In the latest issue of the Quarterly, we discuss some things that were taken from an article by Theodore Roosevelt, published in the Ladies Home Journal of October 1917. Because some will undoubtedly want to see the article itself, we are including it here for reference. We do not agree with everything he wrote here, but nevertheless we believe there are important and noteworthy things stated in this article (which some have said was his most important writing ever).

So, enjoy!

Shall We Do Away with the Church?

Theodore Roosevelt

RELIGIOUS formalism has been the enemy of religion from the days of the Pharisees to the days of those ultra-sabbatarian formalists who would turn the Christian Sunday into what they imagine the day was when the formalist priests of the Temple at Jerusalem revised the Mosaic law, in sharp antagonism to the prophets. Nevertheless, in this actual world a churchless community, a community where men have abandoned and scoffed at or ignored their religious needs, is a community on the rapid down grade.
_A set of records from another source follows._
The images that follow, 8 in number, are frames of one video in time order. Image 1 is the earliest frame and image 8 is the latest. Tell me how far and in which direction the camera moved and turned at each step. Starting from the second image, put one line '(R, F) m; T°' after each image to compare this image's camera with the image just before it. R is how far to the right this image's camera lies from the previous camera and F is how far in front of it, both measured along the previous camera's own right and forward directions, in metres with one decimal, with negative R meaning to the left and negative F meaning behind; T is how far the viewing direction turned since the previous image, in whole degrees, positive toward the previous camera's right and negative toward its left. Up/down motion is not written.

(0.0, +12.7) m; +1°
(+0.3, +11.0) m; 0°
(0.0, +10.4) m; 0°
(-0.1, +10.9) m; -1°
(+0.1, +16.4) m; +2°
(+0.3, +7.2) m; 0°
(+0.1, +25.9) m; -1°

It is perfectly true that occasionally individuals or families may have nothing to do with church or with religious practices and observances and yet maintain the highest standard of spirituality and of ethical obligation.
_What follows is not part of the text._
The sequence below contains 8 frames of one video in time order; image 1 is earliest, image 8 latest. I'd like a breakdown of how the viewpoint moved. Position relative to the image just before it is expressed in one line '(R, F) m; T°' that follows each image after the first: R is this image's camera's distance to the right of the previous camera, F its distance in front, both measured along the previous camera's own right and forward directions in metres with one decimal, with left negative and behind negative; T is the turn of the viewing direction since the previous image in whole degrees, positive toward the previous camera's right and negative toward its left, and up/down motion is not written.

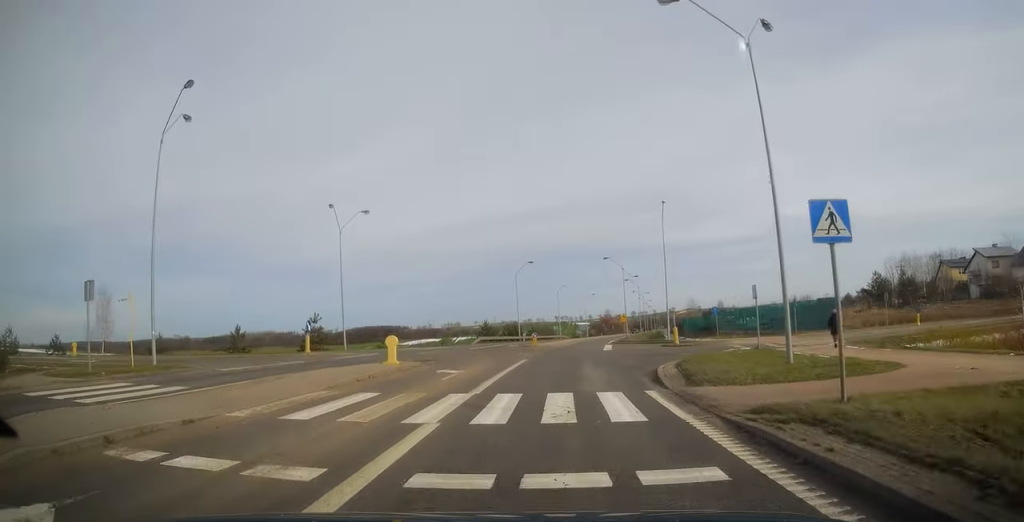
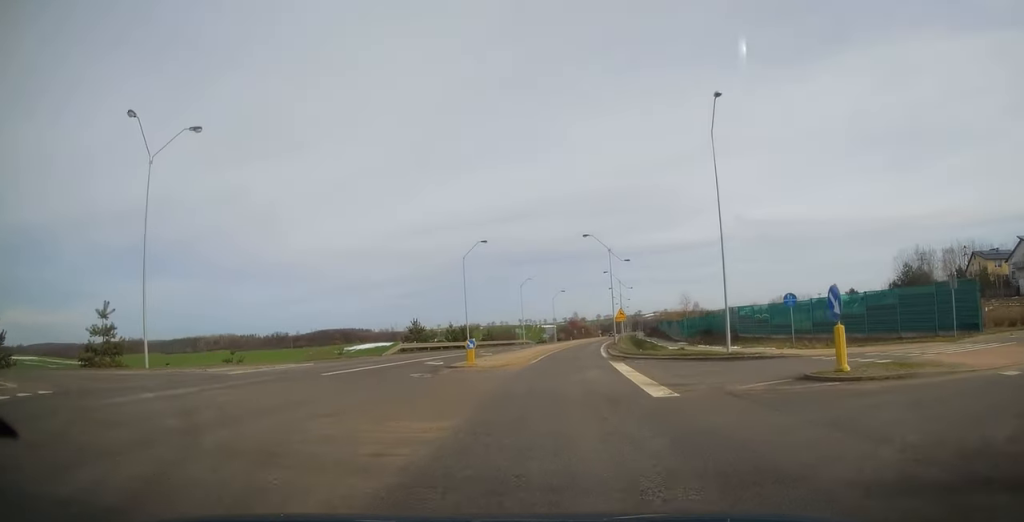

But this does not affect the case in the world as it now is, any more than that exceptional men and women under exceptional conditions have disregarded the marriage tie without moral harm to themselves interferes with the larger fact that such disregard if at all common means the complete moral disintegration of the body politic.

In the pioneer days of the West we found it an unfailing rule that after a community had existed for a certain length of time either a church was built or else the community began to go downhill. In these old communities in the Eastern States which have gone backward, it is noticeable that the retrogression has been marked and accentuated by a rapid decline in church membership and work: the two facts being so interrelated that each stands to the other partly as a cause and partly as an effect.
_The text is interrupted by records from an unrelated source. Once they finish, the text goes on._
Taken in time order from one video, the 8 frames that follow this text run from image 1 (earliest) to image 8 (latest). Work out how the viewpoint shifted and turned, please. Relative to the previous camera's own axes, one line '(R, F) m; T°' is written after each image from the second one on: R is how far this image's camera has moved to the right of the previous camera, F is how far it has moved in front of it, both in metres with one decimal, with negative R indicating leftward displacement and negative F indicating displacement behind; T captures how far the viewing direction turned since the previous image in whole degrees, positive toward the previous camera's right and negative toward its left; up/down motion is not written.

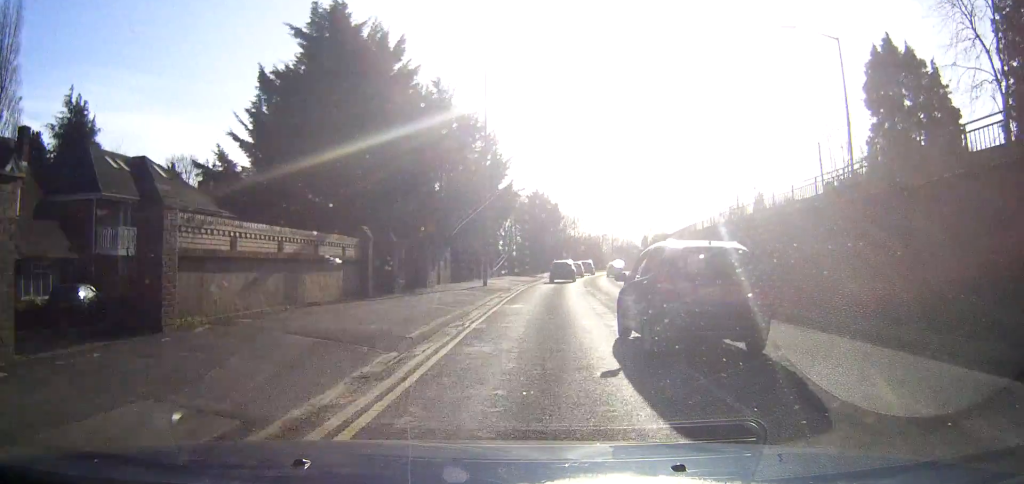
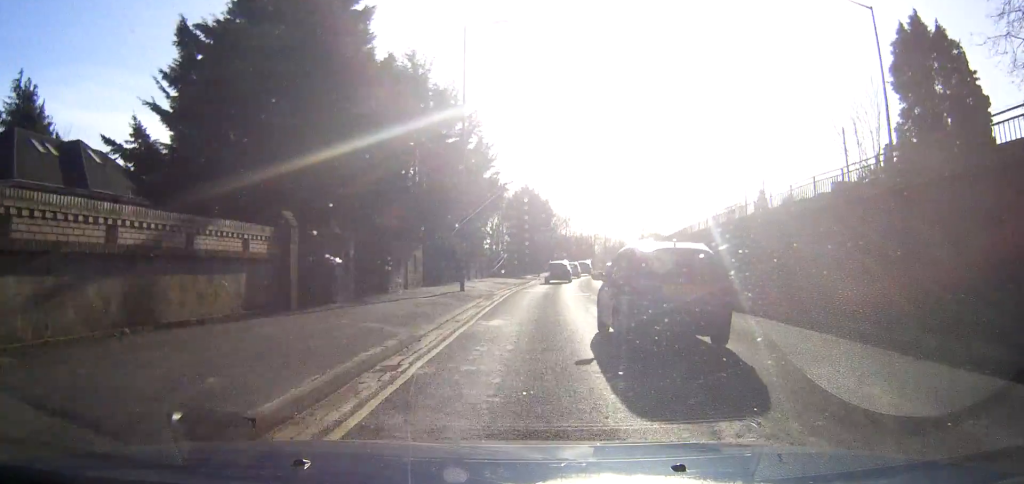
(0.0, +6.0) m; +1°
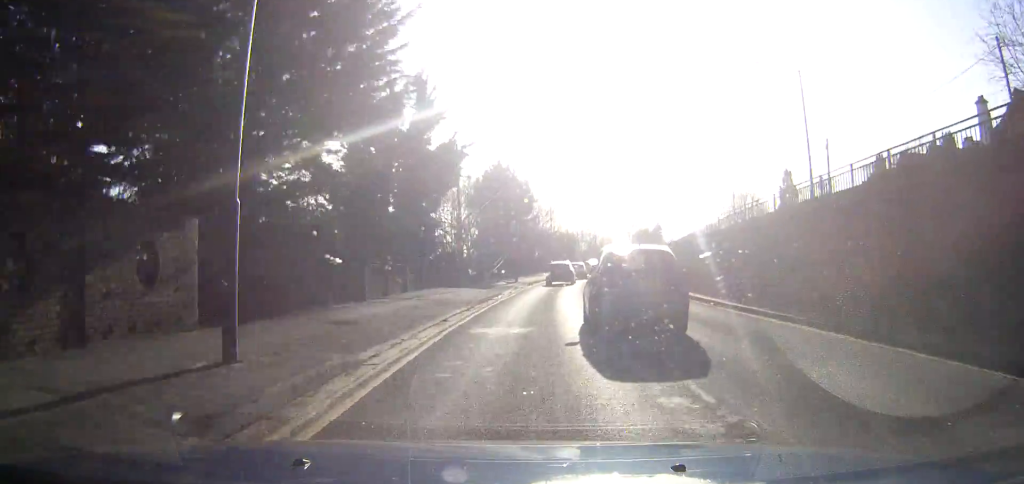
(+0.4, +19.3) m; +1°
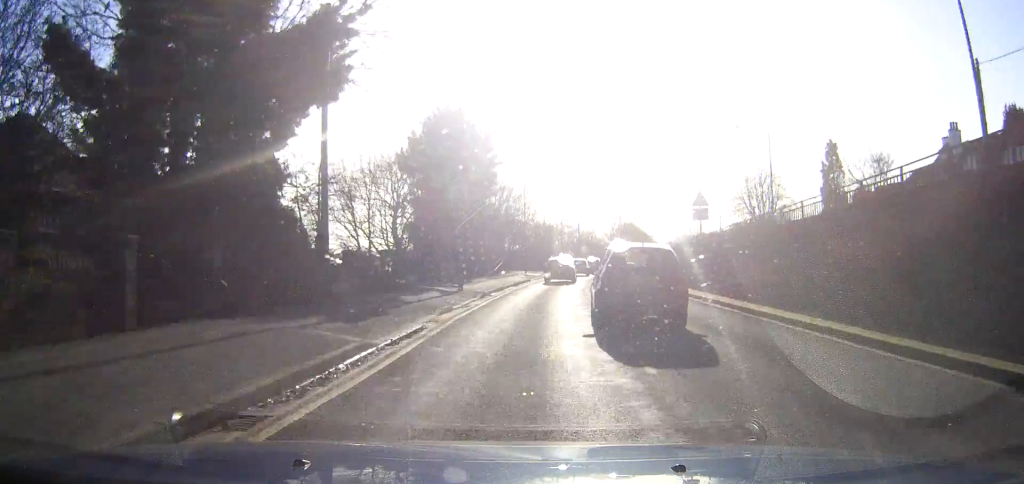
(+0.2, +21.1) m; +1°
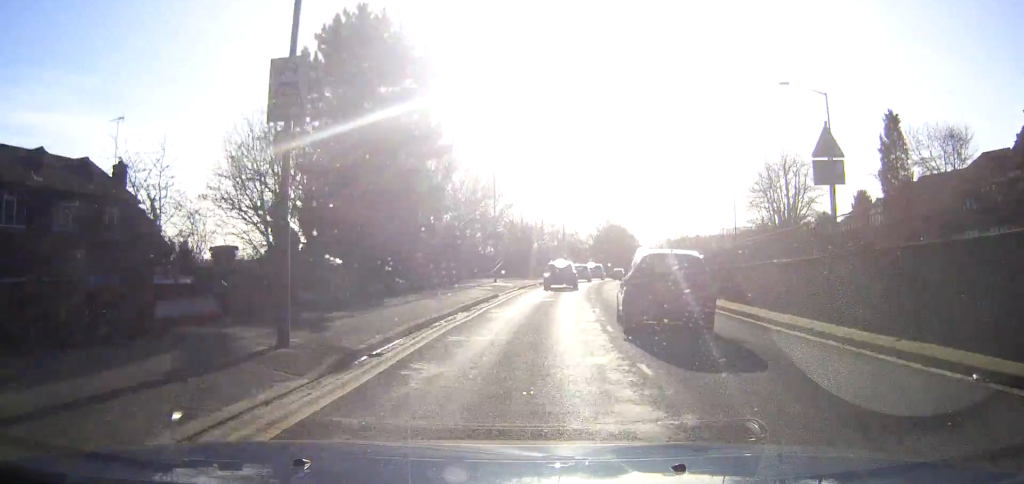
(+0.2, +16.7) m; +2°
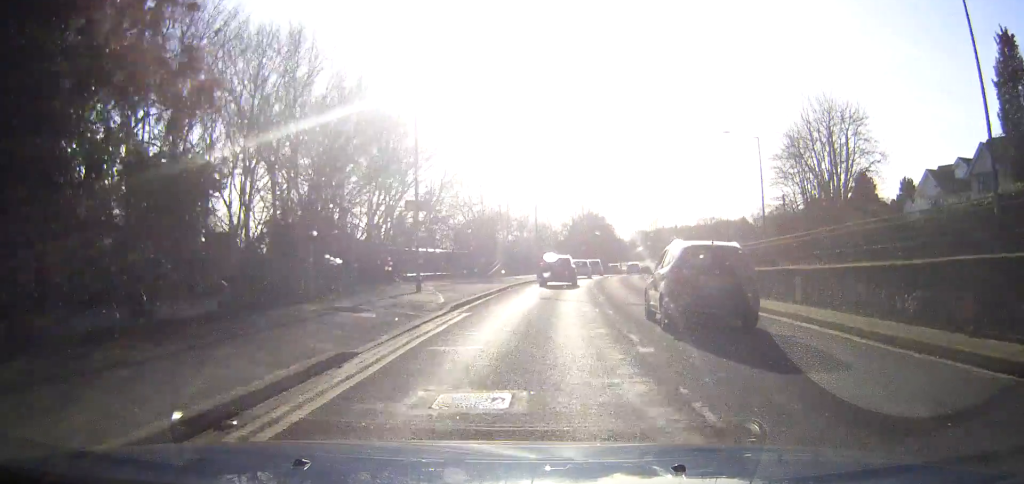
(+0.6, +19.2) m; +2°
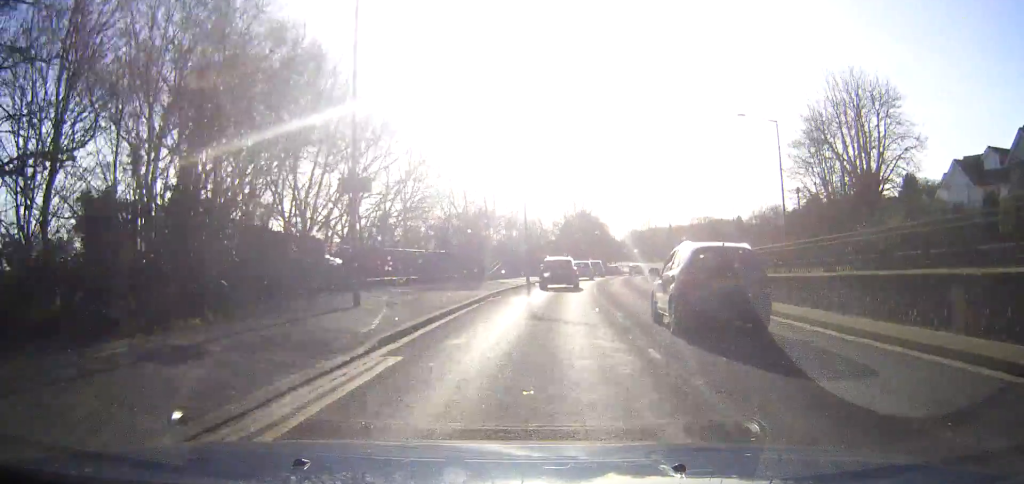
(0.0, +7.4) m; +1°
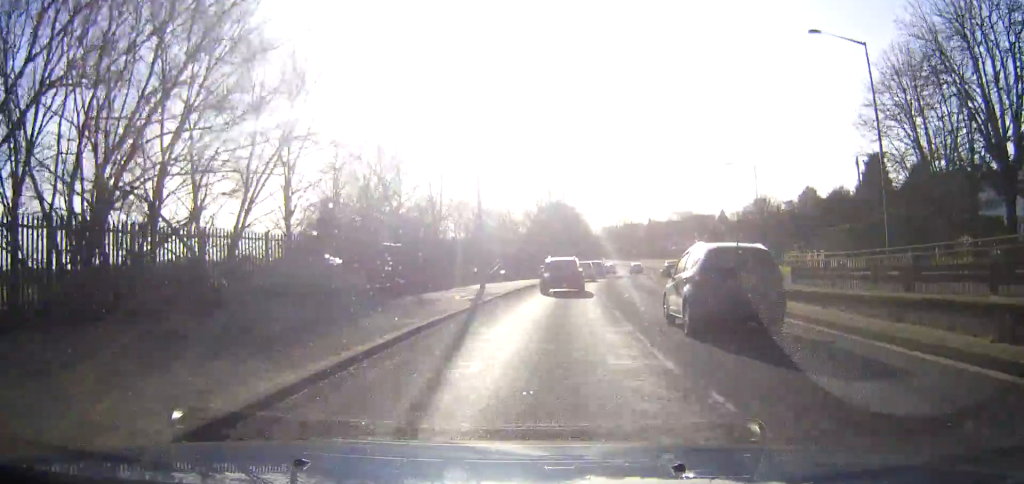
(+0.5, +20.4) m; +3°

This has occurred not only in the “poor white” sections of the South, but in the small hamlets of the “abandoned farm” regions of New England and New York. As the people grow slack and dispirited they slip from all effective interest in church activities; and the building up of a strong country church or Young Men’s Christian Association in such a community often has an astonishing effect in putting such virile life into them that their moral betterment stimulates a marked physical betterment in their homes and farms.

FOR all those whose lives are led on a plane above the grimmest and barest struggle for existence church attendance and church work of some kind mean both the cultivation of the habit of feeling some responsibility for others and the sense of braced moral strength which prevents a relaxation of one’s own fiber.

The household in which Sunday is treated merely as a day for easy self-indulgence does not on that day offer an attractive spectacle. Nor in such a household is what occurs on that day a healthy stimulus toward right living for the children. In such a household the master of the house generally rises late. That is all right if his staying in bed means rest for him without meaning added work for somebody else. But, having risen, he merely dawdles half-dressed, smokes and reads the Sunday papers, lounges around the place if nothing more attractive offers itself, and finally goes off to the club or other lounging place.

The mistress of the household meanwhile, if like her spouse, stays in bed, too, with the Sunday paper, or with a cheap magazine or a cheap novel; then also lounges around the house before fully dressing, and finally visits or receives visits from some other women who also regard slipshod absence of effort as the proper characteristic of the day.

The case is not bettered if the heads of the family possess more energy but use it merely for their own selfish enjoyment, as, for instance, if they habitually spend the entire day in the motor, or take part in some form of dress parade, or visit brightly lighted restaurants.

I SERIOUSLY doubt whether people such as these even achieve their purpose. I doubt whether the frank pursuit of nothing but amusement has really brought as much happiness as if it had been alloyed with and supplemented by some minimum meeting of obligation toward others. There are enough holidays for most of us which can quite properly be devoted to pure holiday making, and there are plenty of men and women whose week-day work is, on occasion, so exhausting that Sunday should then only be a day of rest and recreation for them; and we need have scant sympathy with the sour-hearted people who deny the former truth or do not understand the latter. But, as with all general laws of conduct, we are not primarily concerned with the exceptions: we are concerned with the ordinary cases.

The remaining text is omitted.